Formula 1
F1: European Union could play a factor in new engine rule
Formula 1

F1: European Union could play a factor in new engine rule

Published Nov. 14, 2015 10:28 a.m. ET

Bernie Ecclestone claims the European Union could get involved in the debate about the alternative F1 engine for 2017, which would help him push the necessary rule change through.

The FIA surprised teams this week by issuing a call for expressions of interest, the first step in the tender process to find a supplier for the budget engine.

This came before the F1 Commission had voted on the subject. In theory, this move is necessary, given that the new engine would require significant rule changes for 2017.

Most F1 insiders believed that Ecclestone and Jean Todt won't be able to garner enough votes to get it pushed through, given the opposition from teams and engine suppliers. This would in effect render the tender process worthless.


However, Ecclestone has implied that the F1 Commission could be overruled by a higher power.

"People can go up for the tender and then it's up to the F1 Commission to decide whether they want to do it," Ecclestone told this writer.

"I think the European Commission [on competition] will sort it out," Ecclestone said. "I don't think it would be hard to get it through the F1 Commission, but I'd rather it now be dealt with by the European Commission.

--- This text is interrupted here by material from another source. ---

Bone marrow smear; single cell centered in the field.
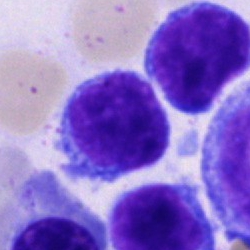 A typical lymphocyte.

It's all the things they want to be against - anti-competitive and cartels. They don't like cartels, they don't like those sort of things."

When it was suggested that EU involvement could take months, Ecclestone insisted this had nothing to do with the recent complaint from Sauber and Force India, which relates to how income is shared.

"This is a different thing to what the other people complained about," Ecclestone said. "Who said we haven't already started?"

Meanwhile, Ecclestone denied that the whole process has been instigated as an effort to force one of the manufacturers to provide an engine for Red Bull.

"Not really, I don't want an engine for Red Bull like that," Ecclestone said. "We need another engine supplier.

"We don't want to be put in a position where we've got them squeezing our balls."